--- GIVEN DATA ---

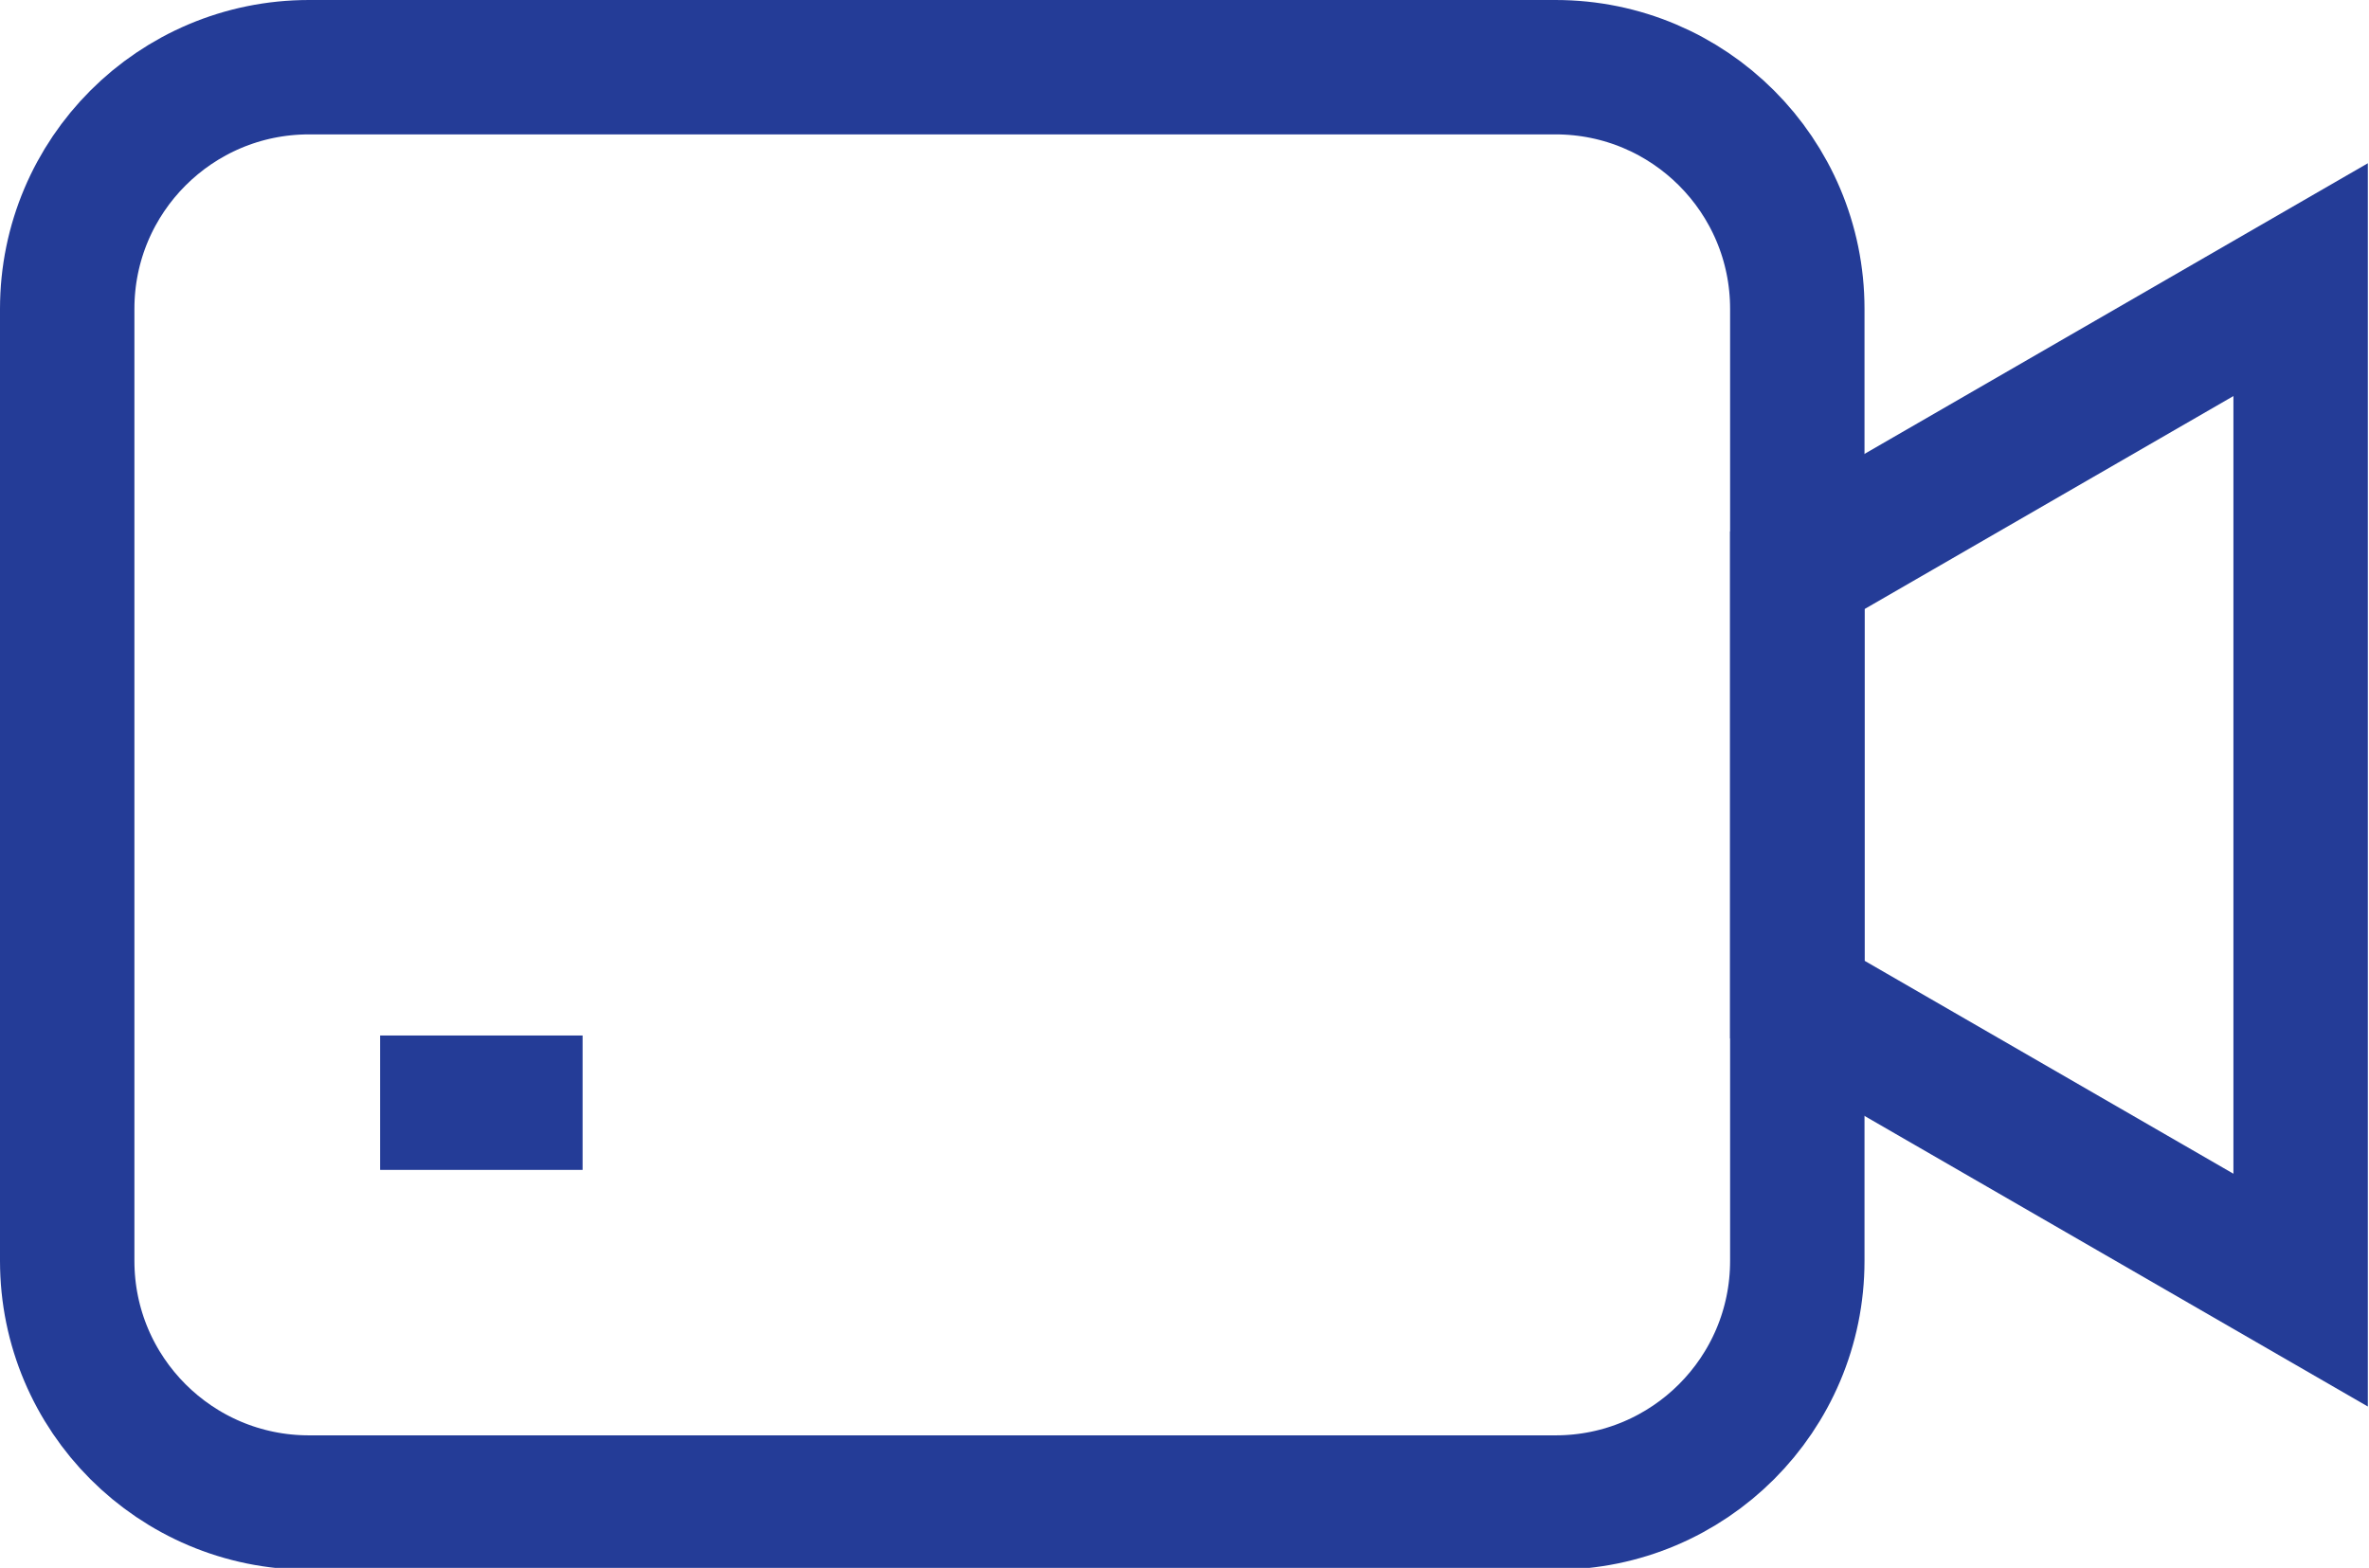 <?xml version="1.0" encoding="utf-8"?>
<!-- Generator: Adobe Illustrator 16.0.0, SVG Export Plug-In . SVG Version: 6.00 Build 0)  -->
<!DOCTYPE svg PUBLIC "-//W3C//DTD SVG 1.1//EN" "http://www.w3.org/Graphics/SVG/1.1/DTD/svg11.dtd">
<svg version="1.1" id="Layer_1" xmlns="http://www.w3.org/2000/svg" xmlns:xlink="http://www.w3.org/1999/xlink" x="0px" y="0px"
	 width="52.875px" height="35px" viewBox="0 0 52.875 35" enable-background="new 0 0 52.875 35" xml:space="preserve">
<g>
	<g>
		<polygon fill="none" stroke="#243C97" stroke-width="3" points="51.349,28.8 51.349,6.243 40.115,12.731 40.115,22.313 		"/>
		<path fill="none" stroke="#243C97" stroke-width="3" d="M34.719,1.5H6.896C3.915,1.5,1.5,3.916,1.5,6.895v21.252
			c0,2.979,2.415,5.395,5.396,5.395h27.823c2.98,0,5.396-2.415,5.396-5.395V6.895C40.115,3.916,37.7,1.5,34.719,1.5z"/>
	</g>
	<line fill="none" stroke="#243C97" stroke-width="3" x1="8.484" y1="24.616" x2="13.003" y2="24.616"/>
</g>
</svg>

---
--- GIVEN DATA ---

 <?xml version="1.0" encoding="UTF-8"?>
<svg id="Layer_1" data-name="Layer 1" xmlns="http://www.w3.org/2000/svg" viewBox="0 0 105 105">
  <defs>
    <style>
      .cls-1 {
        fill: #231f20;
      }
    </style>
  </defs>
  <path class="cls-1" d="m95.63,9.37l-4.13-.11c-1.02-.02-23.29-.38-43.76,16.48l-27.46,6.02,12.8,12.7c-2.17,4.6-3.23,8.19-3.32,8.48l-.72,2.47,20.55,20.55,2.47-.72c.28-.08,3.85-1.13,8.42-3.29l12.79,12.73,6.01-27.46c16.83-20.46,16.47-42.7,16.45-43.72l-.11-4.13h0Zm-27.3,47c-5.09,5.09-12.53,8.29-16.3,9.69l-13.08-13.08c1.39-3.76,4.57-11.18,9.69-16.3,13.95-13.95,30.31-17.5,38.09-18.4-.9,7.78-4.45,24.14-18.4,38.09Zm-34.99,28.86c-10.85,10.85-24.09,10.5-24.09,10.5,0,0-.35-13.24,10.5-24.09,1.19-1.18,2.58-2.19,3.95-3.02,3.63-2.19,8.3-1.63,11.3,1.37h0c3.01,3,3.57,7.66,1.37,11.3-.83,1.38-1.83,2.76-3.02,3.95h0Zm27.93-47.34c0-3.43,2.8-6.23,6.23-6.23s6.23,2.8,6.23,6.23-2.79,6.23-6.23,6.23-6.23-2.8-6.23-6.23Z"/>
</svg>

---

→ EXERCISE DETAILS: Every line with "xmlns" in it should be copied from the entries.

→ WRITTEN RESPONSE:
<svg version="1.1" id="Layer_1" xmlns="http://www.w3.org/2000/svg" xmlns:xlink="http://www.w3.org/1999/xlink" x="0px" y="0px"
<svg id="Layer_1" data-name="Layer 1" xmlns="http://www.w3.org/2000/svg" viewBox="0 0 105 105">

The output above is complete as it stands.